- Stephanie Parker interviews Josep Domingo-Ferrer about the CLARUS project.
- CLARUS is creating a new security framework for processing and storing data in the cloud.
- Users will be able to monitor and control their cloud data which will save money and improve standards.
Europe’s H2020 CLARUS project is developing a secure framework for storing and processing data outsourced to the cloud so end-users can monitor, audit, and control their stored data while gaining the cost-saving benefits and capacity that cloud services bring.
Stephanie Parker of Trust-IT Services speaks to project coordinator Josep Domingo-Ferrer, from the Universitat Rovira i Virgili in Catalonia, Spain.
What are the main barriers to increased uptake of cloud computing? Why is trust so important when it comes to cloud computing?
Most companies are outsourcing at least some of their IT to the cloud, such as data storage, email, and other productivity applications. Reduced costs, virtually unlimited resources and increased availability are the main forces driving this change. Yet security, privacy, and ultimately trust, are still the main barriers preventing organizations from migrating to the cloud. Indeed, current security and privacy mechanisms are commonly located within the cloud platform, hence compelling customers to trust cloud service providers. However, a customer might be reluctant to outsource business-critical or confidential data because they lack control over its storage and management. To facilitate uptake, cloud computing needs to increase the user’s control over the security and privacy of their data, thus reducing the need for blind trust.
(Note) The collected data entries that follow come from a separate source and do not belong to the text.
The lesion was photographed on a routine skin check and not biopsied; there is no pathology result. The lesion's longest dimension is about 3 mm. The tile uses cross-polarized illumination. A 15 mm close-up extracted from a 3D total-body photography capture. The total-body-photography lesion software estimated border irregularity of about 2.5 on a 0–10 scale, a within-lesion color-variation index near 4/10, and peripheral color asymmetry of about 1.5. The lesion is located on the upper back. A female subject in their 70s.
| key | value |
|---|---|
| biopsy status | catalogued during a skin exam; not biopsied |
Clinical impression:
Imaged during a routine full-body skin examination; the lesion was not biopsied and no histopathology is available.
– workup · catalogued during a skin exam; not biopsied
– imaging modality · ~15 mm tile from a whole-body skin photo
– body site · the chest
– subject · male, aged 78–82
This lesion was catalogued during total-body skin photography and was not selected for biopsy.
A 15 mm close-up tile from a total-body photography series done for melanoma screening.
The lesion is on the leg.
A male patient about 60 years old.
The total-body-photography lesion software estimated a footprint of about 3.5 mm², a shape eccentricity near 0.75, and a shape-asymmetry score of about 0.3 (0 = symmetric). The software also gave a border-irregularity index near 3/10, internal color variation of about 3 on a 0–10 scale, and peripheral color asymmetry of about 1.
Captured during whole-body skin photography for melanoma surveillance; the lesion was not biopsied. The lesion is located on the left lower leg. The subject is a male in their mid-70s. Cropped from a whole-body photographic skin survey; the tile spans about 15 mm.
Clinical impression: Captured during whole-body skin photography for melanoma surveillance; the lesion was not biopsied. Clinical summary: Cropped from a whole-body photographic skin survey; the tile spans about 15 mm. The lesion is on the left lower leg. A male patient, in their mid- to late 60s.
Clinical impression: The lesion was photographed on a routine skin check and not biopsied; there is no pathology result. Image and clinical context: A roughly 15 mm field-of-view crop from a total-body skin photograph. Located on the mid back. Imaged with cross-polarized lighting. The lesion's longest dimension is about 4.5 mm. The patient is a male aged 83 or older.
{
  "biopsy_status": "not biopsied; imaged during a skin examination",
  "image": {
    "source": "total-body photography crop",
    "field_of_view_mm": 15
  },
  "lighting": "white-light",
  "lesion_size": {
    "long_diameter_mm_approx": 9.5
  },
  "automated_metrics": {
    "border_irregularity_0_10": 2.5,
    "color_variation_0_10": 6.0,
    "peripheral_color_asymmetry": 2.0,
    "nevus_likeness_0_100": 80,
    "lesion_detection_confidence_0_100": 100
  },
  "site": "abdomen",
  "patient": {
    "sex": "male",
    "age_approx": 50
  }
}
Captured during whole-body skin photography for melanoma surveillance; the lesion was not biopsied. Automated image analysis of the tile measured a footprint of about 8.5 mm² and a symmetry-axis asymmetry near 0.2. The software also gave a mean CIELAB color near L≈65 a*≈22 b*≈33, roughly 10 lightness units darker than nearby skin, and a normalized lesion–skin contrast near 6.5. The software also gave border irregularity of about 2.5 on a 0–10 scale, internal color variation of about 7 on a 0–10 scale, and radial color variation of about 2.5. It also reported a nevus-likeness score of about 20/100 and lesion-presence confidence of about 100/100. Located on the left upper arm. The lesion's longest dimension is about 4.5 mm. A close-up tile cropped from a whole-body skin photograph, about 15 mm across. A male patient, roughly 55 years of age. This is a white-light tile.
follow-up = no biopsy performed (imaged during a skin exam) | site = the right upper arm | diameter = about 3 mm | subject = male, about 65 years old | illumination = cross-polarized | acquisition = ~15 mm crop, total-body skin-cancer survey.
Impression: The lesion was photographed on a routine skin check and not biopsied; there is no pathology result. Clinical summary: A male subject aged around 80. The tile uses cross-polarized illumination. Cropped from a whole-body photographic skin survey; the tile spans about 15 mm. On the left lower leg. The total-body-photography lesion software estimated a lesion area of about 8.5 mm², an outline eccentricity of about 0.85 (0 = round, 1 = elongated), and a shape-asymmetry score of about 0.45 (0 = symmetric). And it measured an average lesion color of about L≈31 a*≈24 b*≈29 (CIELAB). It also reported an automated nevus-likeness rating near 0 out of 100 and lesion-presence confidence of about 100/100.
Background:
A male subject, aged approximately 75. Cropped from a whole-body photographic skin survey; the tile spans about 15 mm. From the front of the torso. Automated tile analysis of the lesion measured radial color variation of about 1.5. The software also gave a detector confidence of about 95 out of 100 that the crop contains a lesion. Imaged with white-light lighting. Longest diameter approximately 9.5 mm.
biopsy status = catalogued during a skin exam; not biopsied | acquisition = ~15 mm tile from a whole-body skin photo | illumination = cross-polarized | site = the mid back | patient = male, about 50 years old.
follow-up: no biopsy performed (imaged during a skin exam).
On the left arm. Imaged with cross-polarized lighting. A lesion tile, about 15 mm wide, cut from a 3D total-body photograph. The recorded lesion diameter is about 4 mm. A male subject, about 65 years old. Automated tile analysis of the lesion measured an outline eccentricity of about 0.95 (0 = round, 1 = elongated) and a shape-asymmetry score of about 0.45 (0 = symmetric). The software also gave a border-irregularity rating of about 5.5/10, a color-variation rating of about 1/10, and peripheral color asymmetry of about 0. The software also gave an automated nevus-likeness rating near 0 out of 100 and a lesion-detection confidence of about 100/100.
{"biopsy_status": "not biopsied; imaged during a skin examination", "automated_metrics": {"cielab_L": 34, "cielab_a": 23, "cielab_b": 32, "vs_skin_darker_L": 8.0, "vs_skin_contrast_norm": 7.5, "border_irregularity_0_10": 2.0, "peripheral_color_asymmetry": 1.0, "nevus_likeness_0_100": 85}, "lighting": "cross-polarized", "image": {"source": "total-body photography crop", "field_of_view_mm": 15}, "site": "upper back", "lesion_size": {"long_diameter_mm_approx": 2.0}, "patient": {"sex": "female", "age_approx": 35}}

What are the privacy and security challenges?
When it comes to outsourcing sensitive data, security and privacy challenges are intertwined around data protection. Regarding security, users want to be assured that no intruder can hack the cloud and/or impersonate them, and that no denial of service will occur. Regarding privacy, users want the guarantee that no one other than themselves will be able to see or infer personal or confidential data. It’s important to note that privacy is even more challenging than security, because it must also apply to the cloud service provider. If the user wants to use not only the cloud storage but also the cloud computational power, then the challenge is even harder, Providing a privacy solution for this case is precisely what project H2020-644024 ‘CLARUS’ is about.
... and the legal ones?
One might argue that sensitive data handling in the cloud would be much simpler if users had greater trust in the cloud service provider. However, there are several legal issues here. On the one hand, in many scenarios the data subjects entrust the data controller with their personal data (e.g., healthcare data), but this does not mean they allow the controller to further transfer their data to whoever the controller chooses to trust. On the other hand, the cloud service provider may also be under a jurisdiction different from that of the controller.
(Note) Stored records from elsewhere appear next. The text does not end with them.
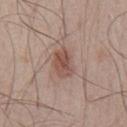Impression: Recorded during total-body skin imaging; not selected for excision or biopsy. Clinical summary: The lesion is located on the chest. Measured at roughly 3.5 mm in maximum diameter. This is a white-light tile. A male patient aged around 50. A lesion tile, about 15 mm wide, cut from a 3D total-body photograph.
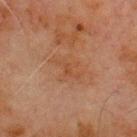{"biopsy_status": "not biopsied; imaged during a skin examination", "patient": {"sex": "male", "age_approx": 70}, "site": "chest", "lesion_size": {"long_diameter_mm_approx": 4.0}, "automated_metrics": {"area_mm2_approx": 8.5, "eccentricity": 0.75, "shape_asymmetry": 0.3, "cielab_L": 40, "cielab_a": 19, "cielab_b": 29, "vs_skin_contrast_norm": 5.0, "border_irregularity_0_10": 4.5, "color_variation_0_10": 3.0, "peripheral_color_asymmetry": 1.0}, "lighting": "cross-polarized", "image": {"source": "total-body photography crop", "field_of_view_mm": 15}}
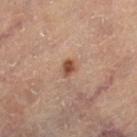Part of a total-body skin-imaging series; this lesion was reviewed on a skin check and was not flagged for biopsy.
The lesion is located on the leg.
About 2 mm across.
A close-up tile cropped from a whole-body skin photograph, about 15 mm across.
A female subject aged 63 to 67.
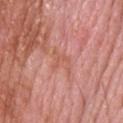Clinical impression:
Recorded during total-body skin imaging; not selected for excision or biopsy.
Image and clinical context:
This image is a 15 mm lesion crop taken from a total-body photograph. The tile uses white-light illumination. A male subject about 65 years old. Longest diameter approximately 3.5 mm. From the upper back.
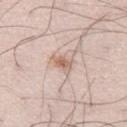Part of a total-body skin-imaging series; this lesion was reviewed on a skin check and was not flagged for biopsy.
A lesion tile, about 15 mm wide, cut from a 3D total-body photograph.
Imaged with white-light lighting.
The lesion is located on the left thigh.
A male patient, about 35 years old.
The lesion's longest dimension is about 2.5 mm.
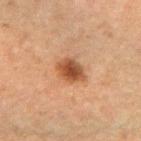{
  "biopsy_status": "not biopsied; imaged during a skin examination",
  "lesion_size": {
    "long_diameter_mm_approx": 3.5
  },
  "lighting": "cross-polarized",
  "image": {
    "source": "total-body photography crop",
    "field_of_view_mm": 15
  },
  "patient": {
    "sex": "female",
    "age_approx": 40
  },
  "site": "right forearm",
  "automated_metrics": {
    "cielab_L": 42,
    "cielab_a": 21,
    "cielab_b": 31,
    "vs_skin_darker_L": 12.0,
    "vs_skin_contrast_norm": 10.0,
    "nevus_likeness_0_100": 95
  }
}

What is the CLARUS project doing to address these issues?
Enhancing privacy, security, and trust of end users with respect to the cloud providers are the main goals of the CLARUS project. To achieve this, the CLARUS solution is envisioned as a proxy located in a domain trusted by the end user (e.g., a server in her company’s intranet or a plug-in in the user’s device) that implements security and privacy-enabling features towards the cloud service provider.
To enhance privacy, CLARUS will implement a set of privacy-enabling mechanisms to ensure that the user’s sensitive data is properly protected before it is outsourced to the cloud. Protection will be provided in a way that still preserves cloud service functions, even those that require performing operations (e.g., queries, transformations, calculations) on the protected data. To achieve that, CLARUS draws on and innovates the current state-of-the-art on functionality-preserving cryptographic and non-cryptographic data protection techniques, with a special focus on preserving the benefits associated with cloud services (functionality, cost-effectiveness, efficiency).
To enhance trust, CLARUS will also implement a set of auditing services, so that users can directly supervise how data is being protected and outsourced to the cloud. To enhance security, CLARUS will also develop an attack-tolerant framework, dynamically detecting potential security breaches within the cloud and activating appropriate mitigation measures online.
Please tell us about the two use cases you currently have.
CLARUS has two use cases. One of them relates to the outsourcing of legacy medical records, which will be demonstrated at a leading hospital in Barcelona. The other is about outsourcing different kinds of geo-referenced data, in such a way that the sensitive locations are not leaked either to the cloud service provider or anyone else, but computations and map drawing based on those locations can still be performed by the data owner using the cloud’s computing power.
What are the CLARUS project's goals?
From now to its end in December 2017, CLARUS will publish original research contributions focused on sensitive data processing in untrusted clouds. The project will also build demonstrators for the above-mentioned use cases and will strive to contribute to emerging standards on sensitive data processing in the cloud.